Far from pulling back, Trump is preparing a trade war against China that will greatly intensify tensions throughout Asia and heighten the danger of war. He has threatened to name China as a “currency manipulator,” enabling the imposition of penalty tariffs of up to 45 percent on Chinese exports to the US. An editorial in the hawkish Chinese state-owned Global Times has suggested in retaliation: “A batch of Boeing orders will be replaced by Airbus, US auto and iPhone sales in China will suffer a setback, and US soybean and maize imports will be halted.”
Trump’s punitive trade measures will not only impact on China, but on American allies such as Japan, South Korea and Australia, for whom China is the largest trading partner. According to Daiwa Securities, a 15 percent tariff on Chinese goods would result in a 1 percent fall in Chinese economic growth and significantly also lower growth rates in its trading partners.
In the midst of the acute uncertainty following Trump’s election, governments in Asia and around the world are being compelled to re-evaluate their economic and military strategies.
Japanese Prime Minister Abe and other foreign leaders have already warned that if Trump kills off the TPP, they will be compelled to work with China to conclude its rival trade agreement—a Regional Comprehensive Economic Partnership (RCEP). As Abe pointedly noted prior to the APEC meeting, RCEP includes most Asian countries as well as Australia and New Zealand, but not the United States.
By declaring that the TPP would be “meaningless” without the US, Abe effectively ruled out a trade bloc that Japan would lead de facto and thus pose another challenge to US hegemony in Asia.
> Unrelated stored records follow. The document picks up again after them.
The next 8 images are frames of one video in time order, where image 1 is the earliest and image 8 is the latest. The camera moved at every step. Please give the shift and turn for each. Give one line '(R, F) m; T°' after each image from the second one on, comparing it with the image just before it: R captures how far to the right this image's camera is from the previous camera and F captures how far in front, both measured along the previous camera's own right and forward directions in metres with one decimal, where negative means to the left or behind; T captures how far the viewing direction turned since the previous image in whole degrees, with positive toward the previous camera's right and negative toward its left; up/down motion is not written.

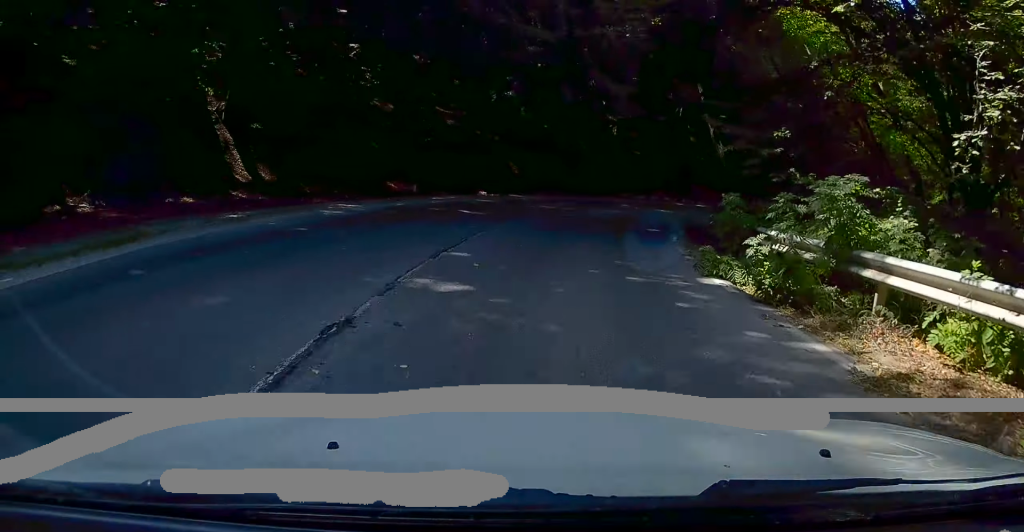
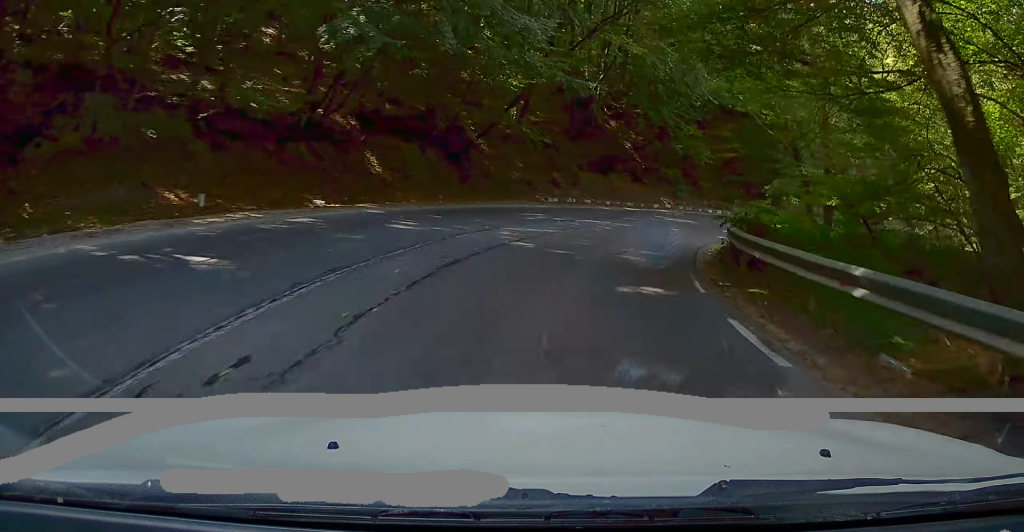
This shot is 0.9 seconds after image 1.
(+0.8, +13.1) m; +10°
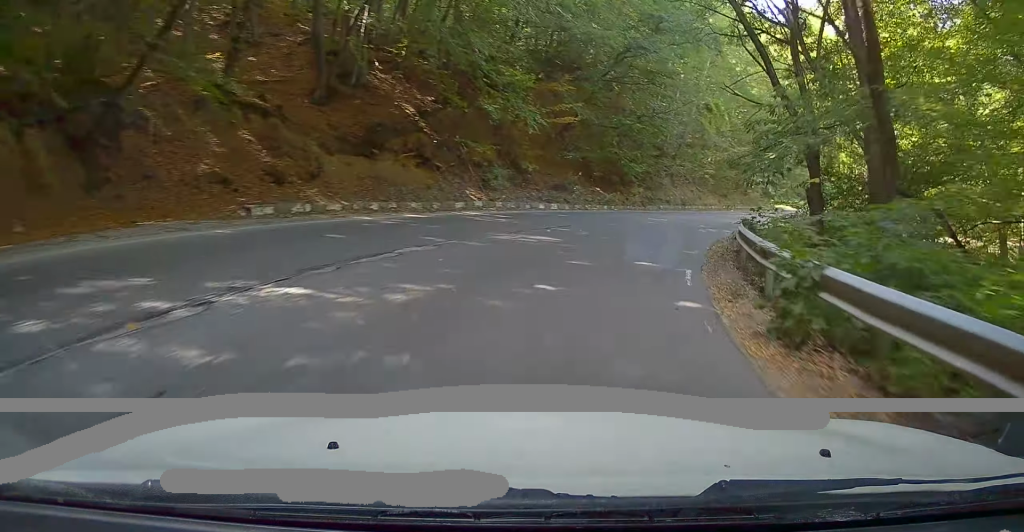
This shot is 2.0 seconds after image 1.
(+2.2, +15.9) m; +17°
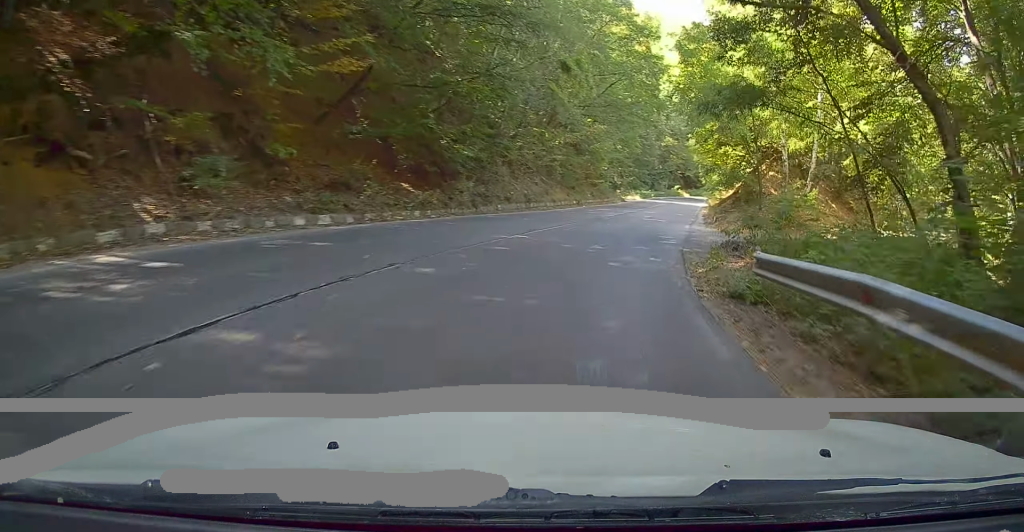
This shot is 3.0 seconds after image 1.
(+1.5, +12.0) m; +14°
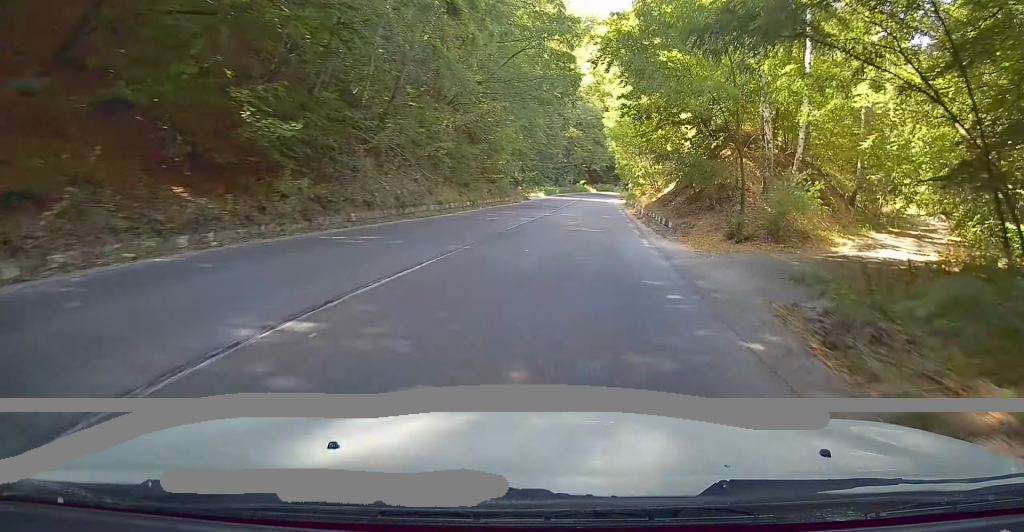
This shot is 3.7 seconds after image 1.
(+0.7, +9.6) m; +9°
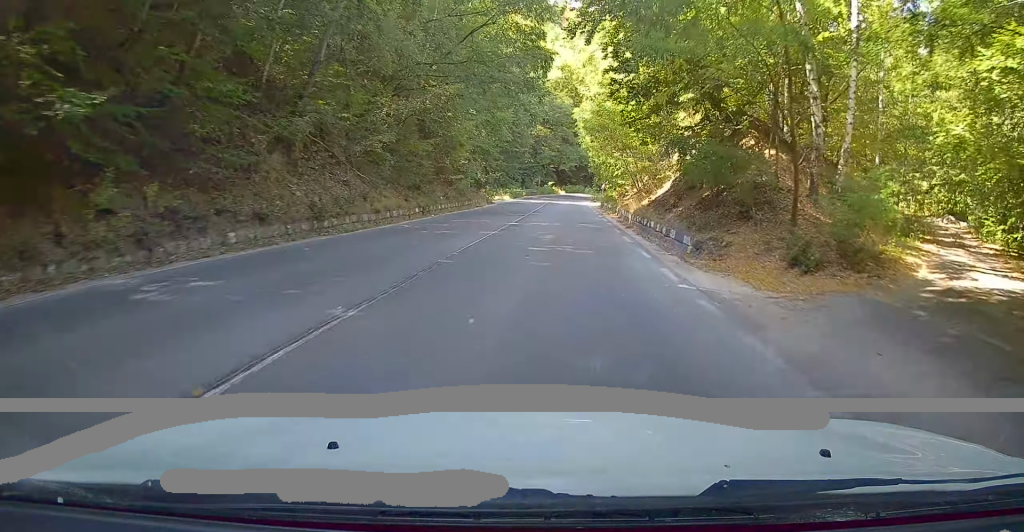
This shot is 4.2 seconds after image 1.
(+0.5, +6.3) m; +5°
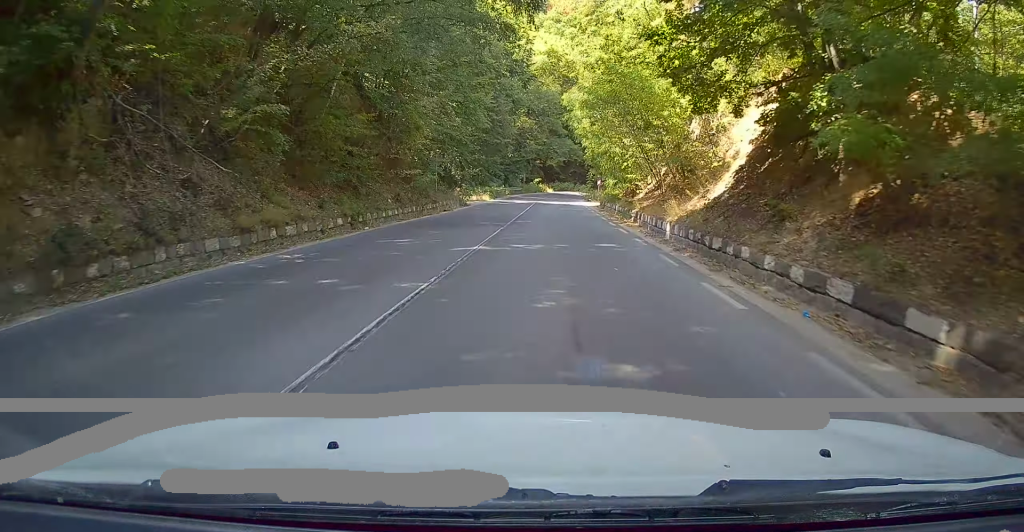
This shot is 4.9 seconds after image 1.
(+0.7, +10.1) m; +5°
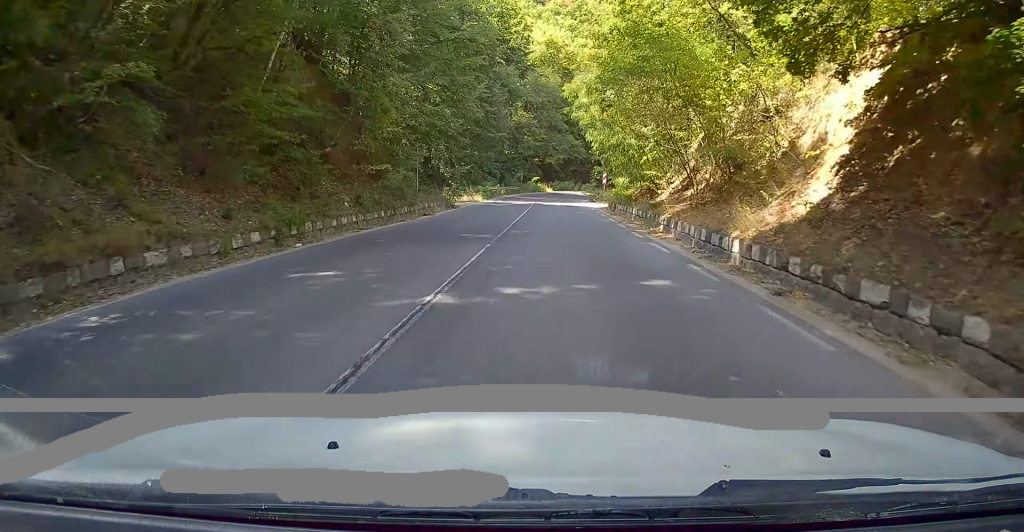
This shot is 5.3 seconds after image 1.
(+0.4, +6.1) m; +1°

While Abe might not be prepared to confront Washington, others in the Japanese ruling elite are already suggesting that Tokyo has to consider a more aggressive defence of its own economic and strategic interests.
Shigeru Ishiba, a powerful figure within the ruling Liberal Democratic Party who has twice challenged Abe for the leadership, declared on Monday that Japan would have to take a different approach after Trump assumes office. “Japan can’t just sit back and do what it’s told to do by the United States. We must make active proposals and swiftly reform our foreign policy where necessary,” he said. While not suggesting an end to the US-Japan Security Treaty, Ishiba called for full-fledged preparedness and more assertiveness on Tokyo’s part.
Trump’s aggressive trade war measures will greatly exacerbate geo-political rivalries throughout the region that could bring the US into conflict not only with China but also traditional allies like Japan. In historic decline, Washington no longer has the economic muscle to lay down the law in Asia or anywhere else and is compelled to resort to military means.
Trump has already indicated that he will double down on the US military build-up by expanding the army by 90,000 personnel and the navy by 40 to 350 warships. Trump adviser Rudy Giuliani boasted last week: “At 350, China can’t match us in the Pacific… If you face them with a military that is modern, gigantic, overwhelming and unbelievably good at conventional and asymmetric warfare, they may challenge it, but I doubt it.”
In reality, what a Trump administration is preparing to initiate is a trade war and arms race in Asia that risks an open military conflict. The roots of this accelerating drive to war lie not in the personality of Trump but in the deepening crisis of world capitalism that is driving global and regional powers to impose the burden on their rivals abroad and the working class at home.